● **WHAT THE TASK ASKS**
Should a line below contain the word "stop", report it.
+++ SOURCE MATERIAL
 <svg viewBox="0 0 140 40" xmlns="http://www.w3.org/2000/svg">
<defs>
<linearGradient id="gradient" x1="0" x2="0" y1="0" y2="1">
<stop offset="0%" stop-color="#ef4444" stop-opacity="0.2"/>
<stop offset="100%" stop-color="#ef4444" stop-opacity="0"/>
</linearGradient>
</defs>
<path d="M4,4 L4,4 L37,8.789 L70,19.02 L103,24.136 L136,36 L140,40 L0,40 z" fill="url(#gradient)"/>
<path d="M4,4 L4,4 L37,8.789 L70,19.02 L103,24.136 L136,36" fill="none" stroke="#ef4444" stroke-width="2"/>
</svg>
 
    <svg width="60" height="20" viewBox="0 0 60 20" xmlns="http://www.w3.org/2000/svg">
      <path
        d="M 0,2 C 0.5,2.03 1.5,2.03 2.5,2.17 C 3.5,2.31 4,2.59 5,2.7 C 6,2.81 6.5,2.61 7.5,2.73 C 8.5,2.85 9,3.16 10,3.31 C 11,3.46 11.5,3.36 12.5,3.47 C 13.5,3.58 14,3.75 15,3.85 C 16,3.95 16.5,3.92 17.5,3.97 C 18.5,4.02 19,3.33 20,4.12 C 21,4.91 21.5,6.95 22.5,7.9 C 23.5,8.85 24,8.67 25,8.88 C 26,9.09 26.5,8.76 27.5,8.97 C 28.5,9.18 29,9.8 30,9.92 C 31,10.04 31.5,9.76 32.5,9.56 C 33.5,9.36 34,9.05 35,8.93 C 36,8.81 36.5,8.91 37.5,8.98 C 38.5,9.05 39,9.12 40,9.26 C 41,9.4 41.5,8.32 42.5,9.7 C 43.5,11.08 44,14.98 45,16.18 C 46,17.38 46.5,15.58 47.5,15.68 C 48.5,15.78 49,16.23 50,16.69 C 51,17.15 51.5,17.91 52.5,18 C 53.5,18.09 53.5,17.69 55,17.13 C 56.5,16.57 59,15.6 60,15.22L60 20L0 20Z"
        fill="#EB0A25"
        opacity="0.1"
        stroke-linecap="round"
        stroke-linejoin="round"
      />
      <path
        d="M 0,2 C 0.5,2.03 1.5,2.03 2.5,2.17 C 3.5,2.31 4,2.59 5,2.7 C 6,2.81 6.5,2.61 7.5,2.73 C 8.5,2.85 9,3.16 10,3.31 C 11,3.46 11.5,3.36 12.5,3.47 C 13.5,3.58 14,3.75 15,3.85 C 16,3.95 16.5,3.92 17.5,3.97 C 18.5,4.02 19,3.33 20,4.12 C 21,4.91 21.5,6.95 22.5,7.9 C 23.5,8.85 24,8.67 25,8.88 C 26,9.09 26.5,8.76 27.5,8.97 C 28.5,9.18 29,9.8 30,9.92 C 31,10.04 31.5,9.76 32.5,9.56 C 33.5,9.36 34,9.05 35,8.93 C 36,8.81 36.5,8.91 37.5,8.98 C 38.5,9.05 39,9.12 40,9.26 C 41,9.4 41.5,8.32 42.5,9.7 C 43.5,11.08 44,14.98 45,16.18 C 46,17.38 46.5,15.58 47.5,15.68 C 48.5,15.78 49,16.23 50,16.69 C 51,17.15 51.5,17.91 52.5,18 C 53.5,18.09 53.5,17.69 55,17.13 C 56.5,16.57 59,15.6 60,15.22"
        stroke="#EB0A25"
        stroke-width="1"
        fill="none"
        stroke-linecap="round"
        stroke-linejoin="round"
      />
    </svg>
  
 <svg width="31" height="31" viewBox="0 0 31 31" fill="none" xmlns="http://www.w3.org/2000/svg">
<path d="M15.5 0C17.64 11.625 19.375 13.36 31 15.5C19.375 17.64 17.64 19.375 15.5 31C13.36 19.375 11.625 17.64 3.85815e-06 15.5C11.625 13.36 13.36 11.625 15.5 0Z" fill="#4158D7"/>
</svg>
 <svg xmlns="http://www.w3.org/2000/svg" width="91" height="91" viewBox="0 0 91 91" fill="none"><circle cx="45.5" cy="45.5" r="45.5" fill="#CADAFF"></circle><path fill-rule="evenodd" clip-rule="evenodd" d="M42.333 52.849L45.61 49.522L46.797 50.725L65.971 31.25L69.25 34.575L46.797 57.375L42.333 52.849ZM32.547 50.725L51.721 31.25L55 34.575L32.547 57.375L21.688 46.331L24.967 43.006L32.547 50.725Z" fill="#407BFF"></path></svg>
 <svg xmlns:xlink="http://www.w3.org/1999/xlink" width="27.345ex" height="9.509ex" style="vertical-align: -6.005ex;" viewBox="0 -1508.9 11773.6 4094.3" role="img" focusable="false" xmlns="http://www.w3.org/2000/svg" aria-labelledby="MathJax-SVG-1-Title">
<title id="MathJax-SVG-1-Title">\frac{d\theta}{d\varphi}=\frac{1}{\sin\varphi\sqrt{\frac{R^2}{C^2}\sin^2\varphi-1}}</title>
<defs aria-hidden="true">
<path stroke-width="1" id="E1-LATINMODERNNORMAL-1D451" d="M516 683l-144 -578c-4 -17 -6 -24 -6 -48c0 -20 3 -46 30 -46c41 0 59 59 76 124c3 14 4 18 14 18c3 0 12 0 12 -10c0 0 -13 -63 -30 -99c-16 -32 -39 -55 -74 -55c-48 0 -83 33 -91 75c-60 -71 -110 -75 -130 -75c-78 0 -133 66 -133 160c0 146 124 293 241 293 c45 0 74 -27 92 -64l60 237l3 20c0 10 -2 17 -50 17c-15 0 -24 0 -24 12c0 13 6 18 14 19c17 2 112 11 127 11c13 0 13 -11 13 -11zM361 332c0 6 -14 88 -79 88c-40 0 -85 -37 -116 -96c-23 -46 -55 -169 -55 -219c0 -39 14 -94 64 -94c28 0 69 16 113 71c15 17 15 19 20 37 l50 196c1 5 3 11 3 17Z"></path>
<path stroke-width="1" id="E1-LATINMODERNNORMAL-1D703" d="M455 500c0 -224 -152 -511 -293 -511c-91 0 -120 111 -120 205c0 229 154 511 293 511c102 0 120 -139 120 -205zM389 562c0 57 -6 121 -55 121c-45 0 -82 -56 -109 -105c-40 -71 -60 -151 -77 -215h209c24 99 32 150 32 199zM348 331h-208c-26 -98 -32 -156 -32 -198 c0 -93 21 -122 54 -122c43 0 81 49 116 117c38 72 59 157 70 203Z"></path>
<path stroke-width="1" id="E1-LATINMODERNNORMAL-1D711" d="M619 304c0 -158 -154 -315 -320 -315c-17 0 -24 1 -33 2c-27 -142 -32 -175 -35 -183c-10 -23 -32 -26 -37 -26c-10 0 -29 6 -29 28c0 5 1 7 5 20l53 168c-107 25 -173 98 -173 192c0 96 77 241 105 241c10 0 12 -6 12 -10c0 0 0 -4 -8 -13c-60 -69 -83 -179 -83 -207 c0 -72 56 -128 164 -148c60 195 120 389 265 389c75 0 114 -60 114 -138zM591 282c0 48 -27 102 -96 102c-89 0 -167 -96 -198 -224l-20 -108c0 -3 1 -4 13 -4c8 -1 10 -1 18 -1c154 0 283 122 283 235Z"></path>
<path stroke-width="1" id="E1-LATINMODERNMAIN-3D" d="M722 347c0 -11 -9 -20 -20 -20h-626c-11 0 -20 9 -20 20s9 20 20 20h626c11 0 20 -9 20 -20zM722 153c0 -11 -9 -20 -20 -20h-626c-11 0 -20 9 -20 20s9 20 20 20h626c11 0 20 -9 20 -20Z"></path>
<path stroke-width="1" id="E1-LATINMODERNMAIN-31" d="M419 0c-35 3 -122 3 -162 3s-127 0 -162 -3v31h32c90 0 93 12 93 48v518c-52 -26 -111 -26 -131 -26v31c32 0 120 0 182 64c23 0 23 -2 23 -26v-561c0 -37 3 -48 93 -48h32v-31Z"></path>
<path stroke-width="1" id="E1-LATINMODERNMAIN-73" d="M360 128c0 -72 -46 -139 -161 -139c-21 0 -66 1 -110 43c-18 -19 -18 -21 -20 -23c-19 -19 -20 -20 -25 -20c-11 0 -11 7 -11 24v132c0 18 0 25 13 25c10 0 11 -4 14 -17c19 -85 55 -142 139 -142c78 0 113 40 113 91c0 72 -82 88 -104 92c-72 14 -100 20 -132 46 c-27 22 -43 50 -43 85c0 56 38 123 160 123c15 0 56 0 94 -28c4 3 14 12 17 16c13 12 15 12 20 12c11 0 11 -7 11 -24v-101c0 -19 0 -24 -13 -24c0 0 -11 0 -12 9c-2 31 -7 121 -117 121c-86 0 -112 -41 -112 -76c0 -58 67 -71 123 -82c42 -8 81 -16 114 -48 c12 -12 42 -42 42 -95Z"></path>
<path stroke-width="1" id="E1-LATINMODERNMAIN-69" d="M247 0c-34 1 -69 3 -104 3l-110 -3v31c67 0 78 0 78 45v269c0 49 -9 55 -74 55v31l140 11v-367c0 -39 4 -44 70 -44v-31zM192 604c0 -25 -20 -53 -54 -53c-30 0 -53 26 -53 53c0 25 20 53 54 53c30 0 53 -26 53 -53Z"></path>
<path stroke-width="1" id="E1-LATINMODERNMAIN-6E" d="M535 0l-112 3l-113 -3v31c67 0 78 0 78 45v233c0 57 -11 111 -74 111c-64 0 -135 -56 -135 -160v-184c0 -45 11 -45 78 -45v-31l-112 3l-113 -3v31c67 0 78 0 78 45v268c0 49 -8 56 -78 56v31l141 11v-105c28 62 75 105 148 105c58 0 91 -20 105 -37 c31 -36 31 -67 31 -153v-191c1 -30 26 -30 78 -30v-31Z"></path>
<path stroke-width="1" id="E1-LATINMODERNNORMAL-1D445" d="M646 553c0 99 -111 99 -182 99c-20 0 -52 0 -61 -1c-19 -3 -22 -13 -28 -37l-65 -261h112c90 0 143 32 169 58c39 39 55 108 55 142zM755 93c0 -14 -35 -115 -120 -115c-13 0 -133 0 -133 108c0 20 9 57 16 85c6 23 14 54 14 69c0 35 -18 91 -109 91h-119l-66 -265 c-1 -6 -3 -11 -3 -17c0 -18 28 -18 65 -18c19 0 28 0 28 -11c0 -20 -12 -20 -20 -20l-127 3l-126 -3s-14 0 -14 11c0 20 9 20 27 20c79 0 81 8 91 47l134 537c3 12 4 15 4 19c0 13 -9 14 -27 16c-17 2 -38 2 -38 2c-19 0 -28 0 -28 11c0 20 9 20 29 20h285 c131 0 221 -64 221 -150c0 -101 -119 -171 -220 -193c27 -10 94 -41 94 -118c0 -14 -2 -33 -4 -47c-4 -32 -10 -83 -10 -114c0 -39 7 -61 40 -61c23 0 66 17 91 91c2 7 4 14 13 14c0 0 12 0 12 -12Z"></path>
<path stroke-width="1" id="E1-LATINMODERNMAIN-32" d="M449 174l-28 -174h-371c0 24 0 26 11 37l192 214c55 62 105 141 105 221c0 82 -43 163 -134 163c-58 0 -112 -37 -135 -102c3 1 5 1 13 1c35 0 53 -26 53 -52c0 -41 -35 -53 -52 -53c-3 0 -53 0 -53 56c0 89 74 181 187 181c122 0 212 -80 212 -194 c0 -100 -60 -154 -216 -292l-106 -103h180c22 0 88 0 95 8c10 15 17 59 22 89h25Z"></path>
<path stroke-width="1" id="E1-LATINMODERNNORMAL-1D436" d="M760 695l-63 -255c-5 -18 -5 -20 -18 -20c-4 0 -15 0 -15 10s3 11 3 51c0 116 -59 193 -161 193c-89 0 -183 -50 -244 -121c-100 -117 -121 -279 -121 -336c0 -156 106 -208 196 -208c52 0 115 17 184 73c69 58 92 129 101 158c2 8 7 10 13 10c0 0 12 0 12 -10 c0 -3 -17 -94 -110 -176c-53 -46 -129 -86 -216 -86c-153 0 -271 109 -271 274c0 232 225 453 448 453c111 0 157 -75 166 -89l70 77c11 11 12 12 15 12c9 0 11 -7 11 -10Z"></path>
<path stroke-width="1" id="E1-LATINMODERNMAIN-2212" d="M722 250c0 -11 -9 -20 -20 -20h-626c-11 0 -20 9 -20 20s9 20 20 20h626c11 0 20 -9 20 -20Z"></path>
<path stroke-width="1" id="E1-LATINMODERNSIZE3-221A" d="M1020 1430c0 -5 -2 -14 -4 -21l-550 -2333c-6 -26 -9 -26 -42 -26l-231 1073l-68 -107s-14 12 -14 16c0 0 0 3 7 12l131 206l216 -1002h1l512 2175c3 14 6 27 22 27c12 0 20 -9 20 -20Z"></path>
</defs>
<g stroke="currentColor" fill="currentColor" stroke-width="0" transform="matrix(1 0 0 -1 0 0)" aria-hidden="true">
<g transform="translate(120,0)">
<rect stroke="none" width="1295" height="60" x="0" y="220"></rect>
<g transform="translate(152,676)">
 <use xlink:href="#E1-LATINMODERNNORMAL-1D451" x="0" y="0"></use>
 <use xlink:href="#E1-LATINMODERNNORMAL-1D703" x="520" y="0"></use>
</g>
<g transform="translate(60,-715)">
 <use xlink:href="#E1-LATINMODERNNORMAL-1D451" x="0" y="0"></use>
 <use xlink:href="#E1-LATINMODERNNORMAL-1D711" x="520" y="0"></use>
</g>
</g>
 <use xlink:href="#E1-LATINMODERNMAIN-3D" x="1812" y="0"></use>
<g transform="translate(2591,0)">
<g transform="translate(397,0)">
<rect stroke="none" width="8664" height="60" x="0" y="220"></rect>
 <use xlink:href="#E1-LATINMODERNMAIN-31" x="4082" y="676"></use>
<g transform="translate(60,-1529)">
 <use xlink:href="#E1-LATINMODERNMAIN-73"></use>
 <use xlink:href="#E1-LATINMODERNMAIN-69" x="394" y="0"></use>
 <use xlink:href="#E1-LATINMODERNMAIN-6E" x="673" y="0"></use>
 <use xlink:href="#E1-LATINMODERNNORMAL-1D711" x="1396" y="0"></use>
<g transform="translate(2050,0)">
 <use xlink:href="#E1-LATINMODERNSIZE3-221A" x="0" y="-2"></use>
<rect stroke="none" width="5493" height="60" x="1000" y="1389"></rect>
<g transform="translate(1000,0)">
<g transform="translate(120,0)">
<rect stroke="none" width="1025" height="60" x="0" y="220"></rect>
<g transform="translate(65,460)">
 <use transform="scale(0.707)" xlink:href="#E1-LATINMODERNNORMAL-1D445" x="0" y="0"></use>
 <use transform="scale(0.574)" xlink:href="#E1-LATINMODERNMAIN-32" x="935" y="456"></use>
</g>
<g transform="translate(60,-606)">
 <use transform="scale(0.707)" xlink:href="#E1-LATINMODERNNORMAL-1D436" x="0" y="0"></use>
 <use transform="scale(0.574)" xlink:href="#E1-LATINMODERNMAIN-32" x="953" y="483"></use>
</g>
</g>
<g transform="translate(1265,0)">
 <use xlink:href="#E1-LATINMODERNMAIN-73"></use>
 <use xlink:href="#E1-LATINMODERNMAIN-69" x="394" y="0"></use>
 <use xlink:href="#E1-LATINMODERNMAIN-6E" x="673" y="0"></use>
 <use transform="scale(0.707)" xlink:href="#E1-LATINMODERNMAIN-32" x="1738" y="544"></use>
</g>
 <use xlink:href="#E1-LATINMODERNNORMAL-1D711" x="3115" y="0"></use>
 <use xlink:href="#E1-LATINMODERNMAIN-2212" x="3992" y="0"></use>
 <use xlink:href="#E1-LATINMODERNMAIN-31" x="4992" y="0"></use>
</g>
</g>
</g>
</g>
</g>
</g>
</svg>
++++++
● **YOUR SOLUTION**
<stop offset="0%" stop-color="#ef4444" stop-opacity="0.2"/>
<stop offset="100%" stop-color="#ef4444" stop-opacity="0"/>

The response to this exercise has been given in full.